*** TASK INPUT ***
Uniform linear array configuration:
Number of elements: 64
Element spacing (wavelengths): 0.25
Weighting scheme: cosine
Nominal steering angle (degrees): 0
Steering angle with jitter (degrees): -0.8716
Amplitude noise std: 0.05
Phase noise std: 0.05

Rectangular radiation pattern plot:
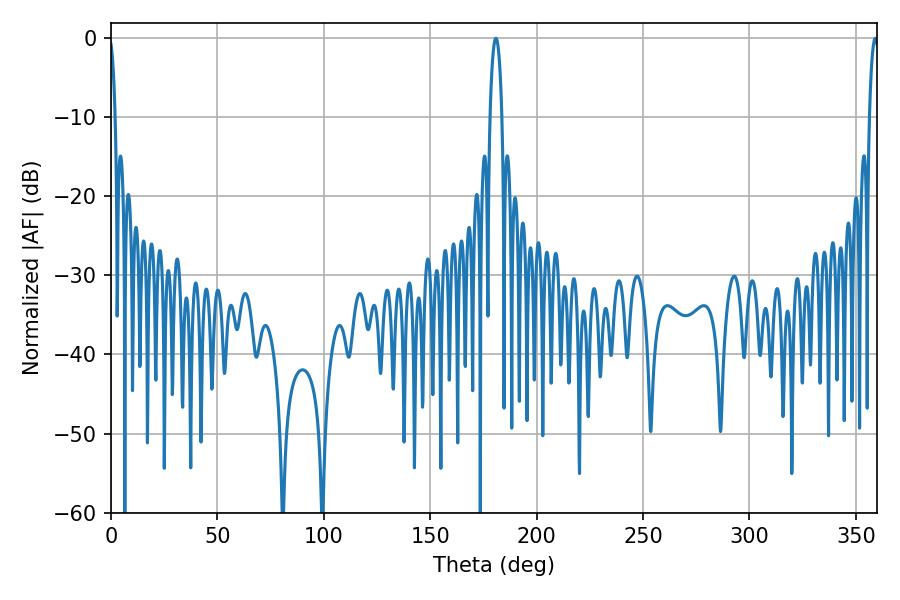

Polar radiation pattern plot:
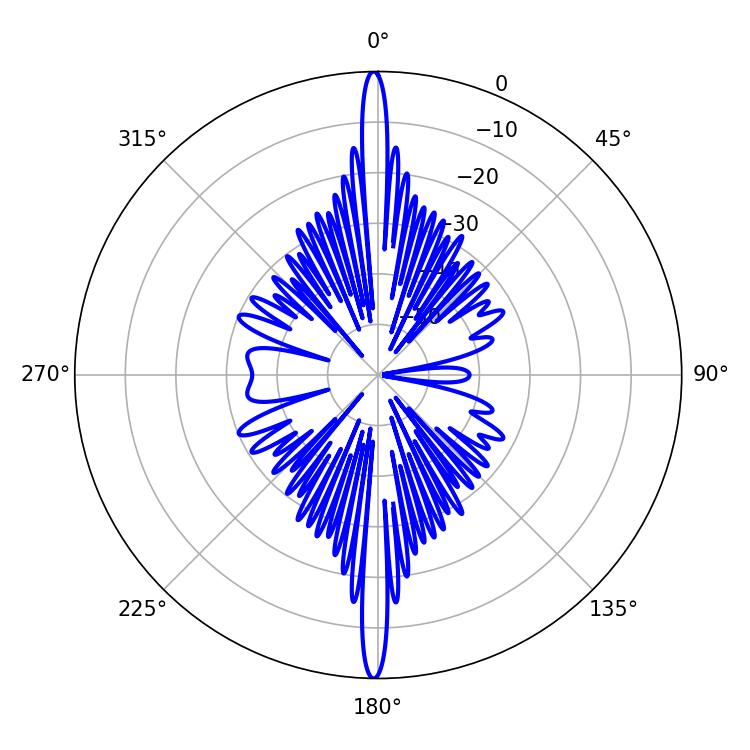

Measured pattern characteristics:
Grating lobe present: FALSE
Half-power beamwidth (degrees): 2.52
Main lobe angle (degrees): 359.1
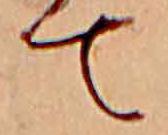
て
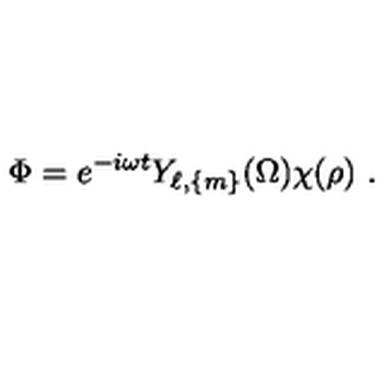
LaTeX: \Phi = e ^ { - i \omega t } Y _ { \ell , \{ m \} } ( \Omega ) \chi ( \rho ) \ .
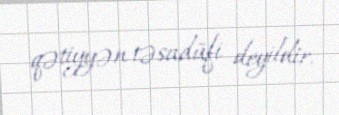
qətiyyən təsadüfi deyildir.
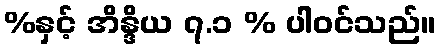
%နှင့် အိန္ဒိယ ၇.၁ % ပါဝင်သည်။
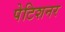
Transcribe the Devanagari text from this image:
पेटिशनर
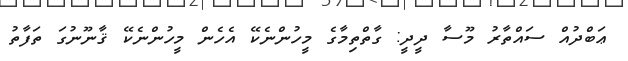
ޢަބްދުއް ސައްތާރު މޫސާ ދީދީ: ގާތްތިމާގެ މީހުންނެކޭ އެހެން މީހުންނެކޭ ޤާނޫނުގަ ތަފާތު
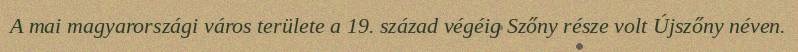
A mai magyarországi város területe a 19. század végéig Szőny része volt Újszőny néven.
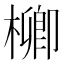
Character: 𣛬
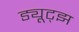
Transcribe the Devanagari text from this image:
ड्यूट्झ
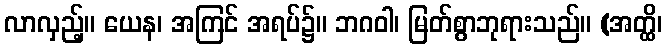
လာလှည့်။ ယေန၊ အကြင် အရပ်၌။ ဘဂဝါ၊ မြတ်စွာဘုရားသည်။ (အတ္ထိ၊
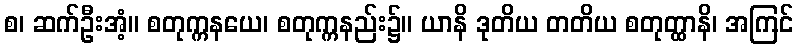
စ၊ ဆက်ဦးအံ့။ စတုက္ကနယေ၊ စတုက္ကနည်း၌။ ယာနိ ဒုတိယ တတိယ စတုတ္ထာနိ၊ အကြင်
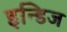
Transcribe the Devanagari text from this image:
इन्डिज
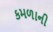
કમળાની
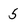
Character: 5
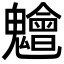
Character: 𮫨
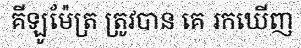
គីឡូម៉ែត្រ ត្រូវបាន គេ រកឃើញ
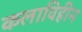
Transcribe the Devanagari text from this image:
कलाविहीन
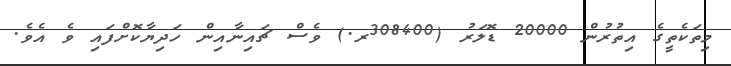
މިތަކެތީގެ އިތުރުން 20000 ޑޮލަރު (308400ރ.) ވެސް ޗައިނާއިން ހަދިޔާކޮށްފައި ވެ އެވެ.
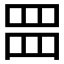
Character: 𮊂
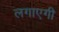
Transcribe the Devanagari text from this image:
लगाएगी
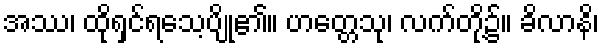
အဿ၊ ထိုရှင်ရသေ့ပျို၏။ ဟတ္တေသု၊ လက်တို့၌။ ခိလာနိ၊
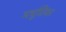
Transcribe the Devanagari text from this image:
मधुशिका
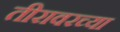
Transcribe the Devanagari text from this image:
तीरावरच्या
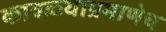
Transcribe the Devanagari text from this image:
कावळ्याप्रमाणेच
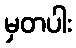
မှတပါး
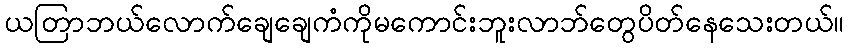
ယတြာဘယ်လောက်ချေချေကံကိုမကောင်းဘူးလာဘ်တွေပိတ်နေသေးတယ်။
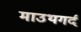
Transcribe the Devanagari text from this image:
माउथगर्द
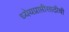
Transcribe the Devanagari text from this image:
ध्येयप्राप्तीसाठीची
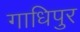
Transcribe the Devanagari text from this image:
गाधिपुर
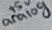
Text: analog
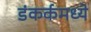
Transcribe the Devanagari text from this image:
डंकर्कमध्ये
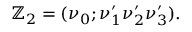
\mathbb { Z } _ { 2 } = ( \nu _ { 0 } ; \nu _ { 1 } ^ { \prime } \nu _ { 2 } ^ { \prime } \nu _ { 3 } ^ { \prime } ) .
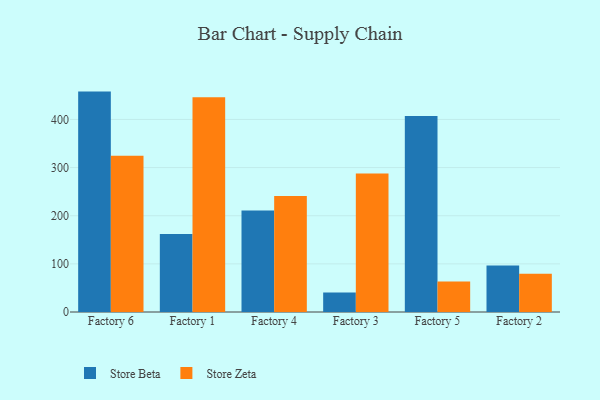
{"axis": {"x": "Factory", "y": "Backlog"}, "legend": ["Store Beta", "Store Zeta"], "data": [{"x": "Factory 6", "y": 457.8, "type": "Store Beta"}, {"x": "Factory 6", "y": 324.5, "type": "Store Zeta"}, {"x": "Factory 1", "y": 161.9, "type": "Store Beta"}, {"x": "Factory 1", "y": 445.9, "type": "Store Zeta"}, {"x": "Factory 4", "y": 210.9, "type": "Store Beta"}, {"x": "Factory 4", "y": 240.9, "type": "Store Zeta"}, {"x": "Factory 3", "y": 40.3, "type": "Store Beta"}, {"x": "Factory 3", "y": 287.5, "type": "Store Zeta"}, {"x": "Factory 5", "y": 407.1, "type": "Store Beta"}, {"x": "Factory 5", "y": 63.4, "type": "Store Zeta"}, {"x": "Factory 2", "y": 96.5, "type": "Store Beta"}, {"x": "Factory 2", "y": 79.2, "type": "Store Zeta"}]}
***
Retype only the lines that run from the first line of the entries above to the line containing "Half-power beamwidth (degrees): 2.52", both included. Do not carry over any pictures.

Uniform linear array configuration:
Number of elements: 64
Element spacing (wavelengths): 0.25
Weighting scheme: cosine
Nominal steering angle (degrees): 0
Steering angle with jitter (degrees): -0.8716
Amplitude noise std: 0.05
Phase noise std: 0.05

Rectangular radiation pattern plot:

Polar radiation pattern plot:

Measured pattern characteristics:
Grating lobe present: FALSE
Half-power beamwidth (degrees): 2.52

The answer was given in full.